▸ YOUR INSTRUCTIONS
Without the pictures, copy all the entries below exactly.

-- DATASET EXCERPTS follows --

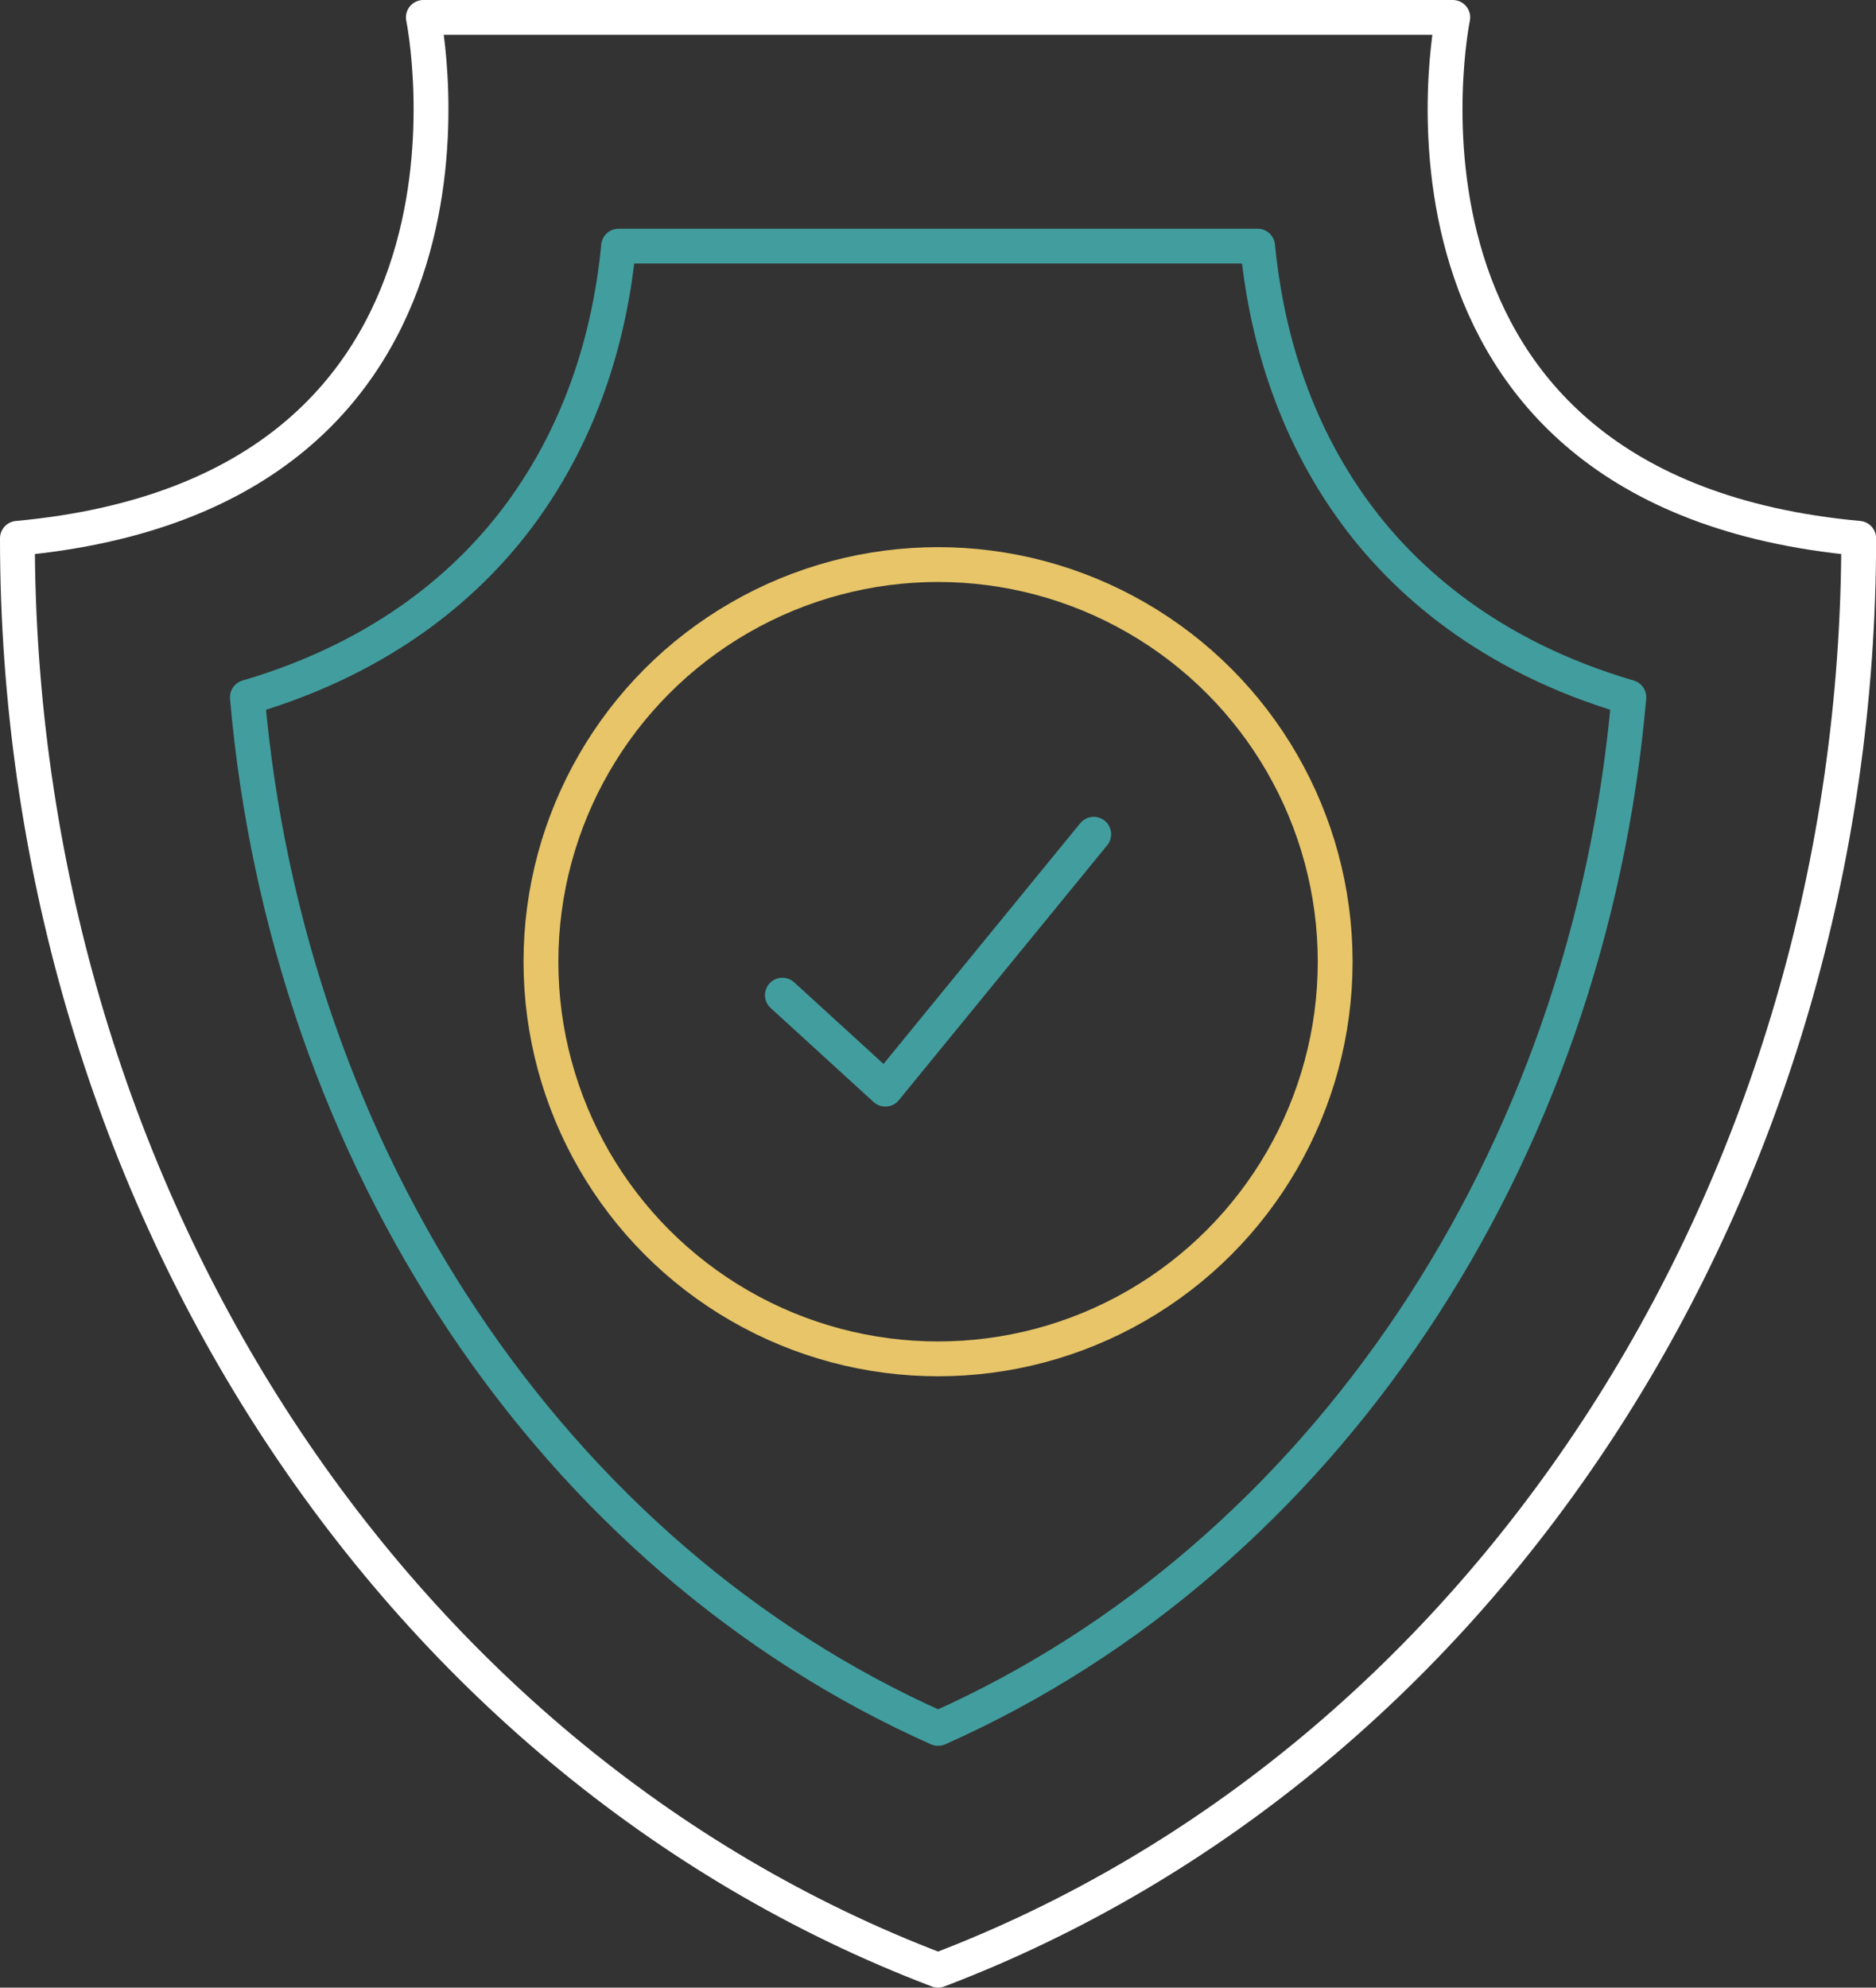 <?xml version="1.0" encoding="UTF-8"?>
<svg id="Layer_2" data-name="Layer 2" xmlns="http://www.w3.org/2000/svg" viewBox="0 0 161.61 171.21">
  <rect x="0" y="0" width="161.61" height="171.21" fill="#333333" stroke="none"/>
  <defs>
    <style>
      .cls-1 {
        stroke: #fff;
      }

      .cls-1, .cls-2, .cls-3 {
        fill: none;
        stroke-linecap: round;
        stroke-linejoin: round;
        stroke-width: 3px;
      }

      .cls-2 {
        stroke: #429d9e;
      }

      .cls-3 {
        stroke: #e7c568;
      }
    </style>
  </defs>
  <g id="Layer_1-2" data-name="Layer 1">
    <g>
      <path class="cls-2" d="M80.81,148.88c-33.17-14.75-56.05-49.14-59.5-88.82,12.15-3.56,19.34-10.16,23.46-15.72,5.65-7.63,7.84-16.08,8.52-23.14h55.05c.68,7.06,2.87,15.51,8.52,23.14,4.12,5.56,11.31,12.16,23.46,15.72-3.45,39.68-26.33,74.07-59.5,88.82Z"/>
      <g>
        <circle class="cls-3" cx="80.81" cy="82.84" r="34.21"/>
        <polyline class="cls-2" points="67.4 85.72 76.27 93.82 94.22 71.86"/>
      </g>
      <path class="cls-1" d="M36.47,1.5S44.91,42.37,1.5,46.37h0c0,55.74,31.87,105.31,79.31,123.34,47.43-18.04,79.31-67.61,79.31-123.34C116.7,42.37,125.15,1.5,125.15,1.5H36.47Z"/>
    </g>
  </g>
</svg>

-- DATASET EXCERPTS concluded --

▸ RESPONSE TO THIS EXERCISE
 <?xml version="1.0" encoding="UTF-8"?>
<svg id="Layer_2" data-name="Layer 2" xmlns="http://www.w3.org/2000/svg" viewBox="0 0 161.61 171.21">
  <rect x="0" y="0" width="161.61" height="171.21" fill="#333333" stroke="none"/>
  <defs>
    <style>
      .cls-1 {
        stroke: #fff;
      }

      .cls-1, .cls-2, .cls-3 {
        fill: none;
        stroke-linecap: round;
        stroke-linejoin: round;
        stroke-width: 3px;
      }

      .cls-2 {
        stroke: #429d9e;
      }

      .cls-3 {
        stroke: #e7c568;
      }
    </style>
  </defs>
  <g id="Layer_1-2" data-name="Layer 1">
    <g>
      <path class="cls-2" d="M80.81,148.88c-33.17-14.75-56.05-49.14-59.5-88.82,12.15-3.56,19.34-10.16,23.46-15.72,5.65-7.63,7.84-16.08,8.52-23.14h55.05c.68,7.06,2.87,15.51,8.52,23.14,4.12,5.56,11.31,12.16,23.46,15.72-3.45,39.68-26.33,74.07-59.5,88.82Z"/>
      <g>
        <circle class="cls-3" cx="80.81" cy="82.84" r="34.21"/>
        <polyline class="cls-2" points="67.4 85.72 76.27 93.82 94.22 71.86"/>
      </g>
      <path class="cls-1" d="M36.47,1.5S44.91,42.37,1.5,46.37h0c0,55.74,31.87,105.31,79.31,123.34,47.43-18.04,79.31-67.61,79.31-123.34C116.7,42.37,125.15,1.5,125.15,1.5H36.47Z"/>
    </g>
  </g>
</svg>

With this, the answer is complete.